[Extracted records]
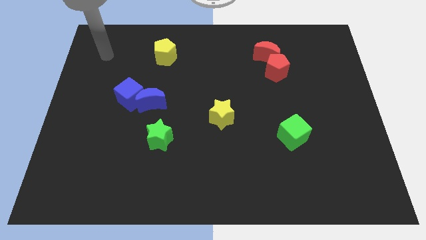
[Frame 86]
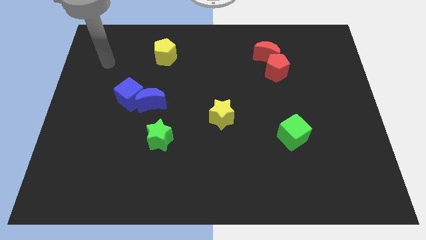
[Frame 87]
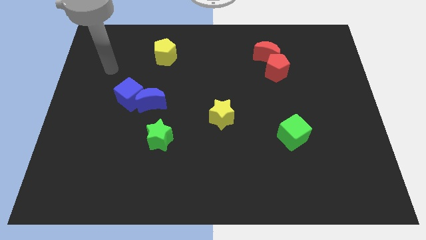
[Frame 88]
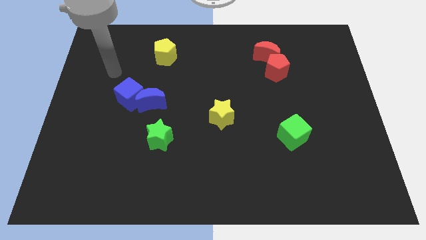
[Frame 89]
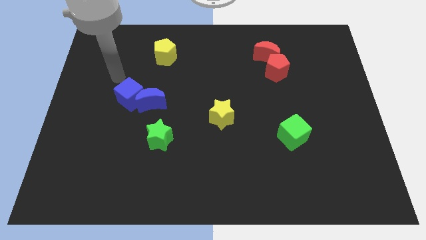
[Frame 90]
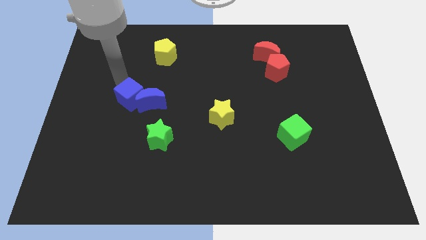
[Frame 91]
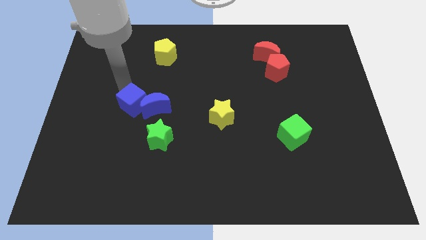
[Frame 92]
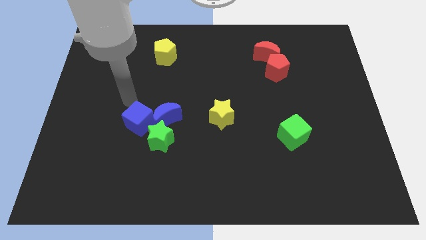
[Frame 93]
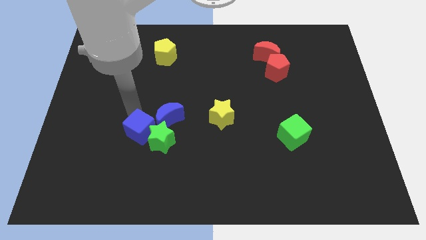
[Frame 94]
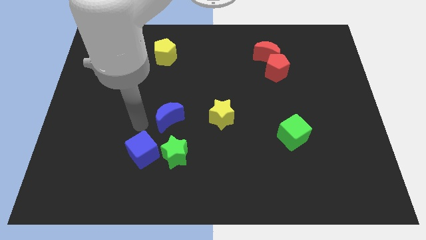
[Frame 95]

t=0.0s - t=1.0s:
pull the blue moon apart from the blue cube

TO DO ->
Scan the records above for the string "Frame", then select every line that holds it.

SOLUTION FOR THIS EXERCISE ->
[Frame 86]
[Frame 87]
[Frame 88]
[Frame 89]
[Frame 90]
[Frame 91]
[Frame 92]
[Frame 93]
[Frame 94]
[Frame 95]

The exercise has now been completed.